Task directions:
Copy the lines below exactly, starting with the first and finishing with the one holding "current movement direction."; do not copy the pictures.

Stored data entries:
Content starts

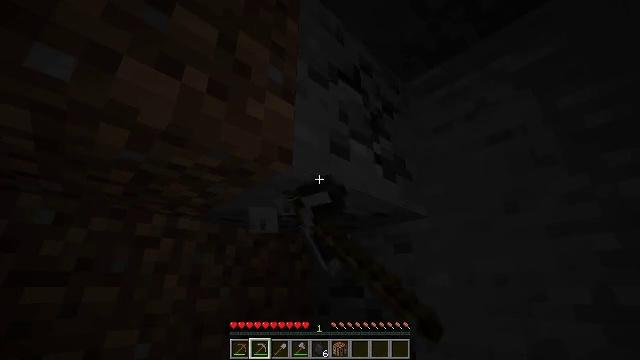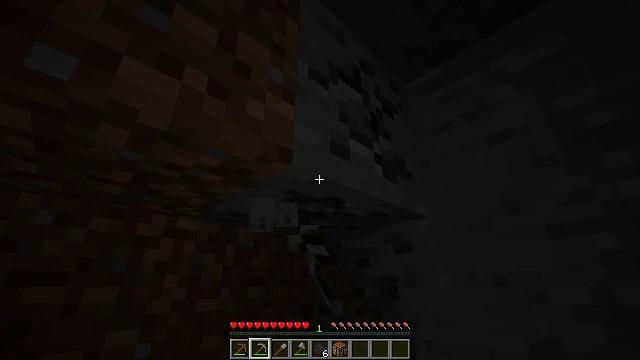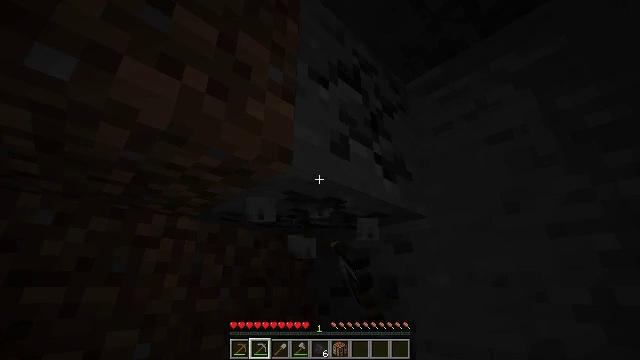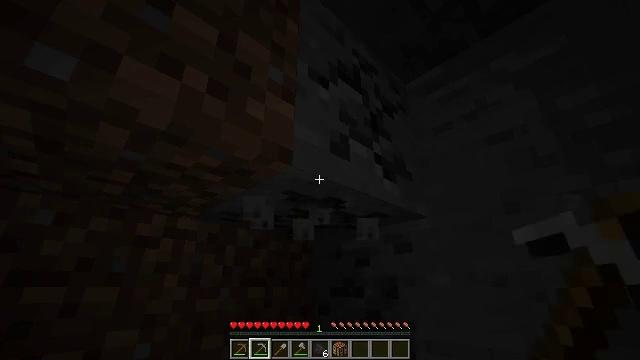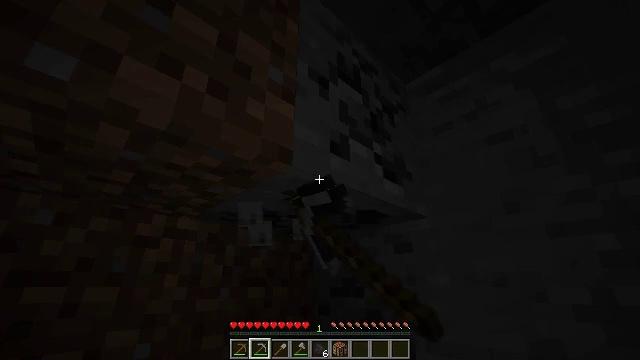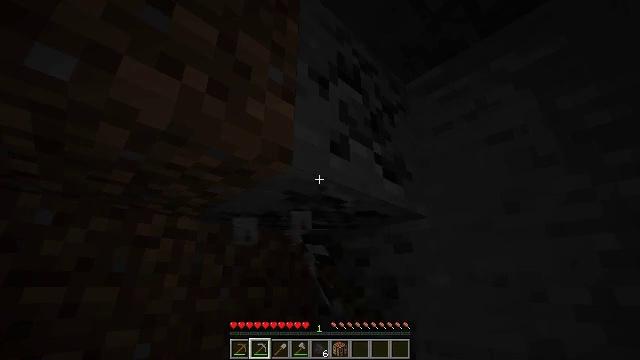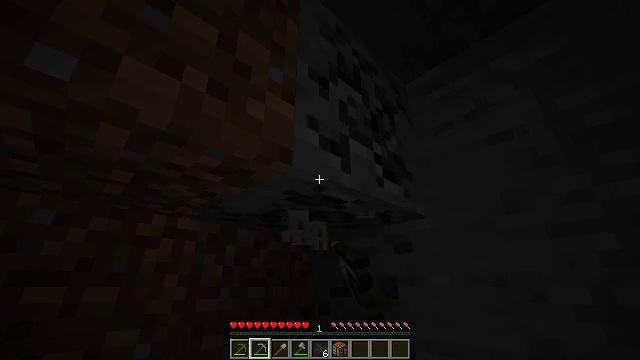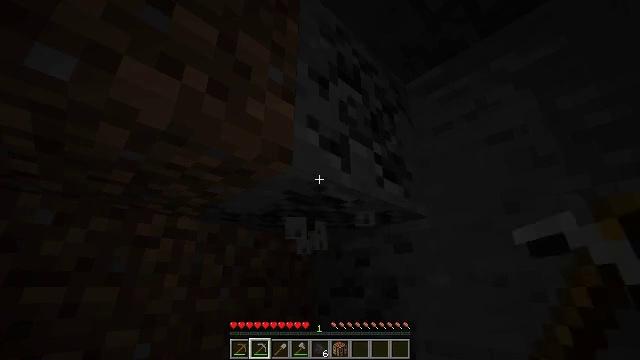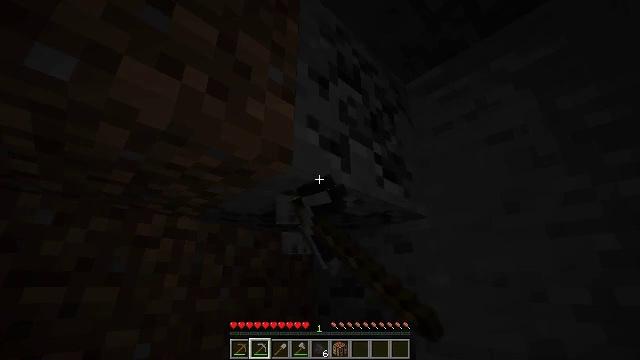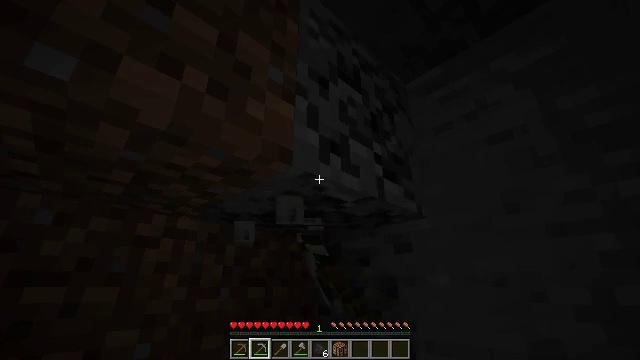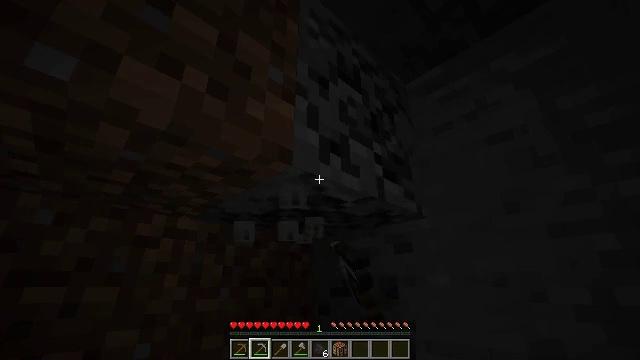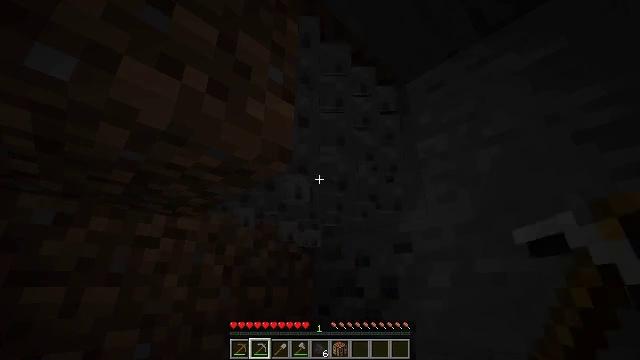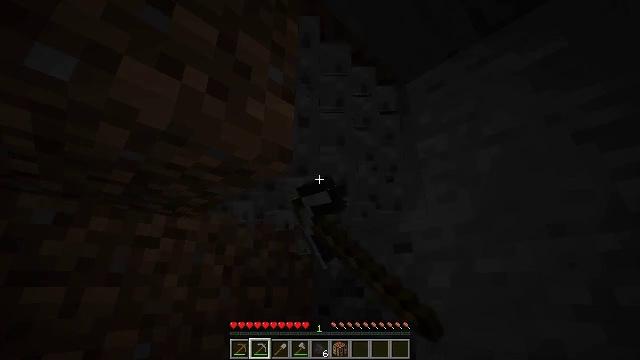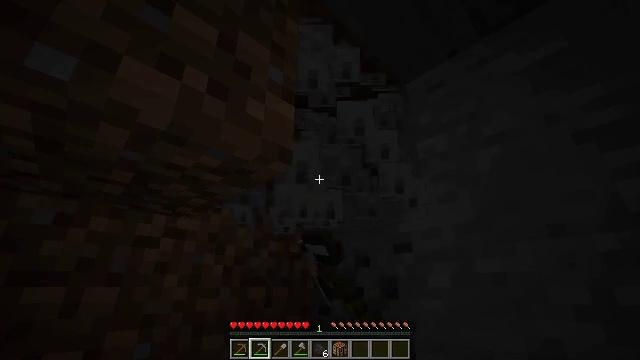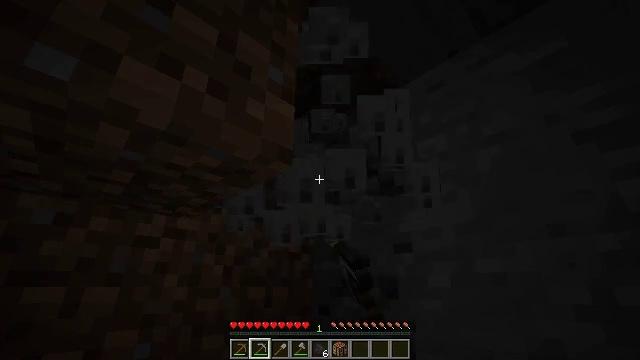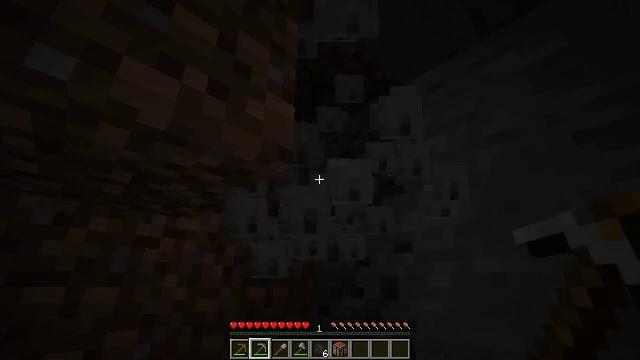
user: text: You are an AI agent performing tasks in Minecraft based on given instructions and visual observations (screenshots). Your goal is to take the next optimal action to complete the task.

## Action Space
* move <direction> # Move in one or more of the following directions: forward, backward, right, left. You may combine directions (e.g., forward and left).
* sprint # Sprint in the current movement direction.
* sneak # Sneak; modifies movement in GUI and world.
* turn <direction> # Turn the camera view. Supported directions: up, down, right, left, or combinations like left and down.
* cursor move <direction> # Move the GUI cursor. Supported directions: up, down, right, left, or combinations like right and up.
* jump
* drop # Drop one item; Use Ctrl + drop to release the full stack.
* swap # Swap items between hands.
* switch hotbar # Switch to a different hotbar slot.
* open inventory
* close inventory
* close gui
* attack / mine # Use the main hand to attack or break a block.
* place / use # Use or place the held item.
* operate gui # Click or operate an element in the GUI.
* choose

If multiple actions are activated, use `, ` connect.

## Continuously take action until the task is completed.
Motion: motion action
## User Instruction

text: Harvest stone in the caves.
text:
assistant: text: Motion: attack / mine
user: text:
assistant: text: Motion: attack / mine
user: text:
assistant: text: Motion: attack / mine
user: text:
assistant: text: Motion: attack / mine
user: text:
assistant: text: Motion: attack / mine
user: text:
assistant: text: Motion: attack / mine
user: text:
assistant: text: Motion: attack / mine
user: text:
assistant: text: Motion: attack / mine
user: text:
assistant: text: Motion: attack / mine
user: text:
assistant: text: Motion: attack / mine
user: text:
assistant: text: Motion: attack / mine
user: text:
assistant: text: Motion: attack / mine
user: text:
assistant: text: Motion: attack / mine
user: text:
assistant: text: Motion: attack / mine
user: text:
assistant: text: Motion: attack / mine
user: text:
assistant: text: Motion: attack / mine
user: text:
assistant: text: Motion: turn right, attack / mine
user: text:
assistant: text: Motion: turn right and down, attack / mine
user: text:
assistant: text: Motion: turn right and down, attack / mine
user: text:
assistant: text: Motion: turn right and down, attack / mine
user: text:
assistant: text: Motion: turn right and down, attack / mine
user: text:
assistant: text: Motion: turn right and down, attack / mine
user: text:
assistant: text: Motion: attack / mine
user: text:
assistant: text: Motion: attack / mine
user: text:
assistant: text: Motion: attack / mine
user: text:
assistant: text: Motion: attack / mine
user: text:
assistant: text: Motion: attack / mine
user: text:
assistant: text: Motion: attack / mine
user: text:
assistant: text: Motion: attack / mine
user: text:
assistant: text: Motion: attack / mine
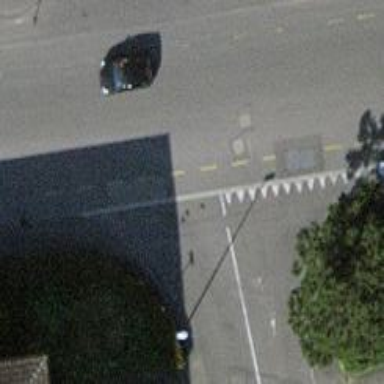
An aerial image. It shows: Asphalt footpath with unmarked crossing.
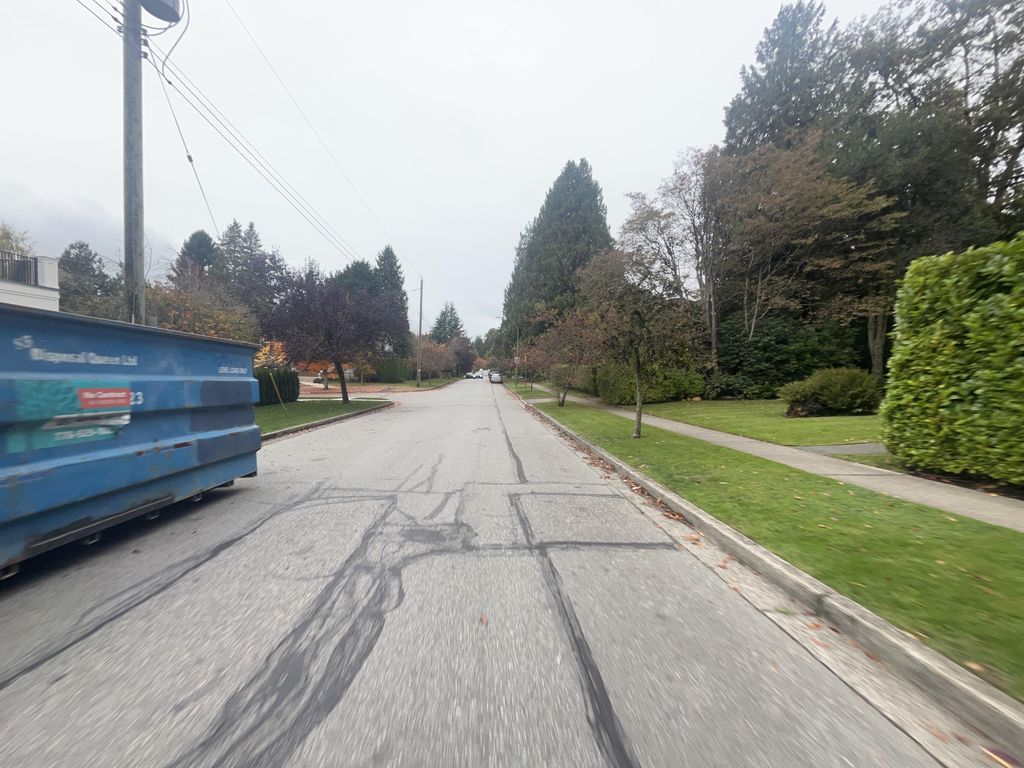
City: vancouver
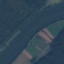
Land use / land cover: River
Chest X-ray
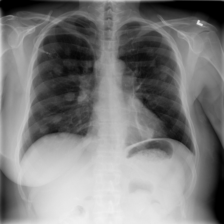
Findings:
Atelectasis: negative
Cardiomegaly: negative
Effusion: negative
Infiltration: negative
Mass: negative
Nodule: positive
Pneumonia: negative
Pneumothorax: negative
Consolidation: negative
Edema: negative
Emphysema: negative
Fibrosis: negative
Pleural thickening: negative
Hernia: negative
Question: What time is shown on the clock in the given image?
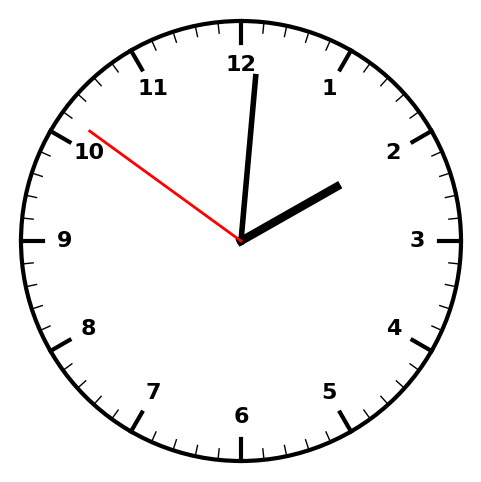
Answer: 02:00:51

Content ends

Written reply:
user: text: You are an AI agent performing tasks in Minecraft based on given instructions and visual observations (screenshots). Your goal is to take the next optimal action to complete the task.

## Action Space
* move <direction> # Move in one or more of the following directions: forward, backward, right, left. You may combine directions (e.g., forward and left).
* sprint # Sprint in the current movement direction.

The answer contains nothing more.